(Data entries)
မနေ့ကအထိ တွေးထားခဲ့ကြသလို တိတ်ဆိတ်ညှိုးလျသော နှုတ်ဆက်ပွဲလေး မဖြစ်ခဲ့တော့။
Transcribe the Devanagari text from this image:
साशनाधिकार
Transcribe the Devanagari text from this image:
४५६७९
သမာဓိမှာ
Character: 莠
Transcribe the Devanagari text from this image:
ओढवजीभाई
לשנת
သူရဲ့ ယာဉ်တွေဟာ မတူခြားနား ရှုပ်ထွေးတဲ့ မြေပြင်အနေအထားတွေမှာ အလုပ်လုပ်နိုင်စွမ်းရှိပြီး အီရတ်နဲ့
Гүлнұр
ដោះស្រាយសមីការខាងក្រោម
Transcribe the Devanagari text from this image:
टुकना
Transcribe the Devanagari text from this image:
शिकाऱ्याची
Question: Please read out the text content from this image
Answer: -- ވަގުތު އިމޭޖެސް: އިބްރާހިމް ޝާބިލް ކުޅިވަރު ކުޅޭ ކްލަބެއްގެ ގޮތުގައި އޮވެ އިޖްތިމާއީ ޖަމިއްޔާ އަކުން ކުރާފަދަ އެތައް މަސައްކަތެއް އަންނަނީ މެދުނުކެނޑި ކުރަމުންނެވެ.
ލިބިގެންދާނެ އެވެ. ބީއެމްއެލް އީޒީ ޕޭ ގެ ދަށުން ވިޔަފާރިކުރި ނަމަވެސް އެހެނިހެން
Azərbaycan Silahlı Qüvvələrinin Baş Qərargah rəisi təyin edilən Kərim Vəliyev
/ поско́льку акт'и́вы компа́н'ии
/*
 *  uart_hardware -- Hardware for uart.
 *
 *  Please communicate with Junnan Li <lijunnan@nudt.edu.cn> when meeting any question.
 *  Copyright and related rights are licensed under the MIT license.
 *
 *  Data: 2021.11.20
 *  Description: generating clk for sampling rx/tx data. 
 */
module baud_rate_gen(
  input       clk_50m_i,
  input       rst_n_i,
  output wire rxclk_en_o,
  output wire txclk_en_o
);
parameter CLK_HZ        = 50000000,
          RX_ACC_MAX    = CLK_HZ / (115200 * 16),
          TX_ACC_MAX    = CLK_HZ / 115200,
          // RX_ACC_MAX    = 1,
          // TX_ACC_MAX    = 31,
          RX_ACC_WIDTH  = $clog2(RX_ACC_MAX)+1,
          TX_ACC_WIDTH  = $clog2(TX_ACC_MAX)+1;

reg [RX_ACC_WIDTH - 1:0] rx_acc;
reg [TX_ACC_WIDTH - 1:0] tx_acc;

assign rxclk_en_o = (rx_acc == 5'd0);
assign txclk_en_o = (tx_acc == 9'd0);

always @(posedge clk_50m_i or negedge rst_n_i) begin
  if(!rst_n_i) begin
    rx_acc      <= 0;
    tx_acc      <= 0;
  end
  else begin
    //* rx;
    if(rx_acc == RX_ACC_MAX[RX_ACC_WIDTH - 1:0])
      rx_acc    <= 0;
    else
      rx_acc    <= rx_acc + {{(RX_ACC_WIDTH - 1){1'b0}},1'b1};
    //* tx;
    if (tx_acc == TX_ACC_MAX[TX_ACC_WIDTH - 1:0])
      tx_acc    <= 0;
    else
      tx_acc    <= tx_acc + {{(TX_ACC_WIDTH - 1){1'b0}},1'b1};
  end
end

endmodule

== EXERCISE DESCRIPTION ==
Output these and nothing else: the lines from the one holding "if(!rst_n_i) begin" through the final line of the entries above, exactly as they appear.

== ANSWER SECTION ==
  if(!rst_n_i) begin
    rx_acc      <= 0;
    tx_acc      <= 0;
  end
  else begin
    //* rx;
    if(rx_acc == RX_ACC_MAX[RX_ACC_WIDTH - 1:0])
      rx_acc    <= 0;
    else
      rx_acc    <= rx_acc + {{(RX_ACC_WIDTH - 1){1'b0}},1'b1};
    //* tx;
    if (tx_acc == TX_ACC_MAX[TX_ACC_WIDTH - 1:0])
      tx_acc    <= 0;
    else
      tx_acc    <= tx_acc + {{(TX_ACC_WIDTH - 1){1'b0}},1'b1};
  end
end

endmodule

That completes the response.